Figura de la Condesa Llúcia

Fíjate ahora en el registro  inferior: en el extremo derecho se ha conservado la figura de una mujer. ¿Sabes quién es? Se trata del    primer retrato femenino del Museo y corresponde a la condesa Llúcia de Pallars, esposa de Artau I, la cual se encargó del gobierno del condado al enviudar. Esta representación como donante, la persona que patrocina la obra, nos permite dar una cronología bastante exacta de las pinturas, ya que corresponderían probablemente al periodo de su viudedad, entre 1081 y 1090.
Avanzando por las salas, llegaremos a uno de los conjuntos más importantes de la pintura mural románica catalana y europea, son las pinturas de la iglesia de Sant Climent de Taüll, en la vall de Boí. En el Museu Nacional d’Art de Catalunya se conserva la decoración del ábside central, la de los dos arcos triunfales que preceden el ábside y también la del ábside lateral Norte.
Aunque el conjunto de pintura mural de Sant Climent de Taüll ha sido objeto de estudio de muchos historiadores, no hay aún bastantes paralelismos sobre el estilo que nos permitan explicar el origen directo del pintor que realizó una de las obras más perfectas del arte románico. De la mayor parte de estos estudios se desprende una fuerte influencia bizantina en las pinturas que llegaría a Cataluña a través de la pintura lombarda.

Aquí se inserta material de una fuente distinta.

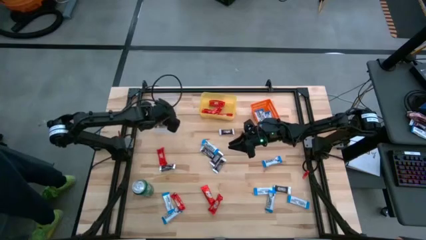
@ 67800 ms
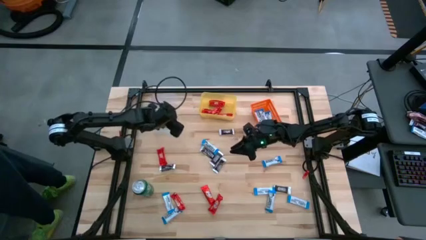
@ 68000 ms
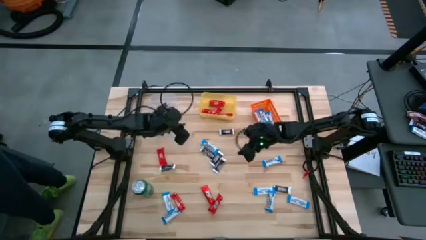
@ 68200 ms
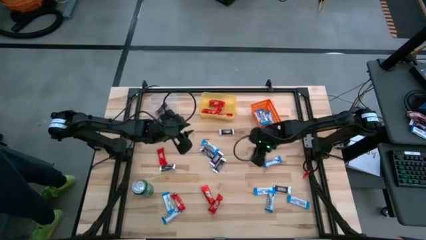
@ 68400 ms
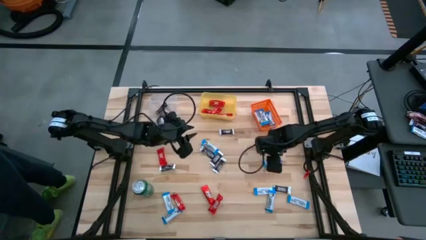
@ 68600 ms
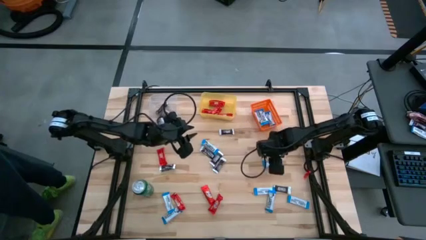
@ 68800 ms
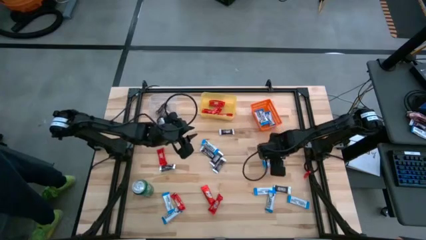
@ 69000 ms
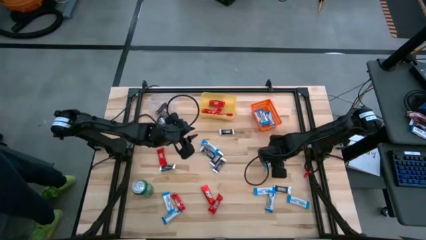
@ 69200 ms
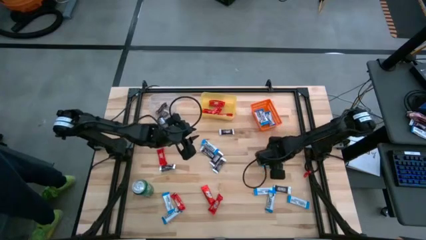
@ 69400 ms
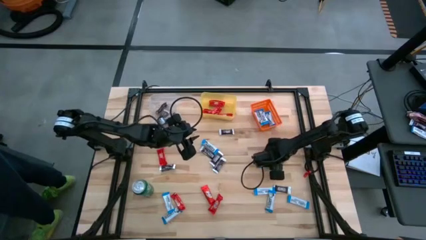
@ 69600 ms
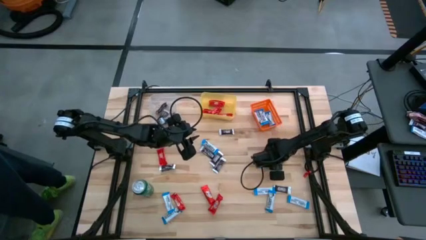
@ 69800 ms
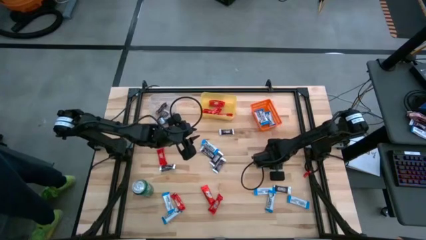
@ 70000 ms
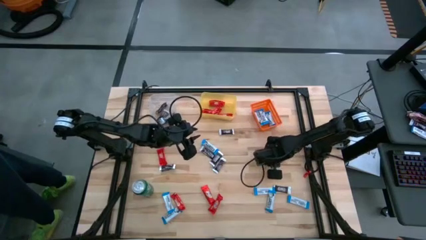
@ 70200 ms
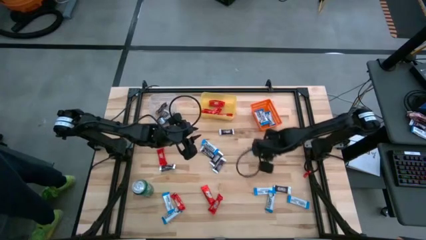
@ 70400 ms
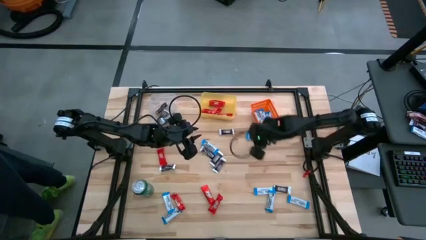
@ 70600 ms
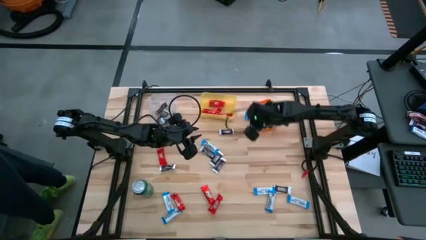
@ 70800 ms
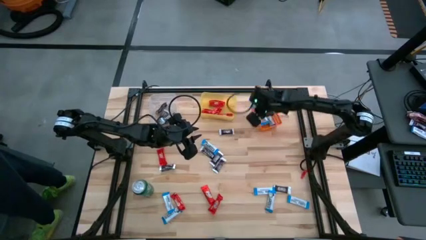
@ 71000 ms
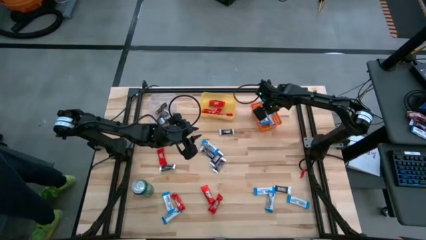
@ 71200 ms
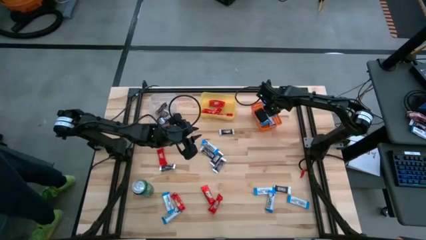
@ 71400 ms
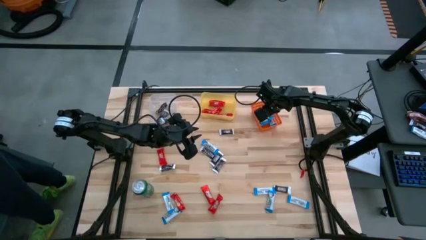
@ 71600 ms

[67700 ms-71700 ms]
Task: Sort candy
Put the white chocolate bar into the orange bin

En la parte superior del ábside se presenta la figura del Cristo en Majestad dentro de la mandorla. Es una figura solemne y majestuosa, que bendice con la mano derecha y con la izquierda sostiene un libro abierto con la inscripción “ego sum lux mundi” (yo soy la luz del mundo, cita del evangelio de San Juan 1,5). La luz se interpreta como creación, la vida, opuesta a las tinieblas del mal y de la noche. La luz es también la palabra de los profetas que iluminó a los apóstoles, la verdad que nos revela el conocimiento de Dios.

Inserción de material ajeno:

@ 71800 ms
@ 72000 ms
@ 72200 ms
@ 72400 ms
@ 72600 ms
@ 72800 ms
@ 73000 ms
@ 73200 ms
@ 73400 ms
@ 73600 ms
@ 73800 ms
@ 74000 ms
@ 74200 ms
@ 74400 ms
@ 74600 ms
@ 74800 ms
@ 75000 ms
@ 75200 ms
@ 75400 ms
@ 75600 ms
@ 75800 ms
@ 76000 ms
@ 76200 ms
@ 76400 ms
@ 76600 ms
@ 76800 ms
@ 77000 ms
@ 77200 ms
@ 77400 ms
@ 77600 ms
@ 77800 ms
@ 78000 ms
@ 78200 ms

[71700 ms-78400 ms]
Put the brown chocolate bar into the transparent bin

Los rasgos de la cara, enmarcados por una larga cabellera, se ordenan en una perfecta simetría, destacándose el dibujo de los ojos. Cristo lleva túnica, gris y blanca y un gran manto azul con un ribete de pedrería. Los pliegues del vestido configuran un volumen rico y elegante.
A los lados de Cristo, la primera y la última letra del alfabeto griego, alfa y omega, indicando que él es el principio y el fin de todas las cosas, tal como nos dice el libro del Apocalipsis.
Fuera de la mandorla se elabora una composición muy elaborada del Tetramorfos, la representación alegórica de los cuatro evangelistas. En la parte superior izquierda San Mateo, representado por un ángel y a la derecha San Juan, una águila, en este caso llevada también por un ángel entre los brazos. En la parte inferior dentro de cuatro círculos, dos ángeles acompañan a la parte izquierda un león, San Marcos y a la derecha  un toro, Lucas.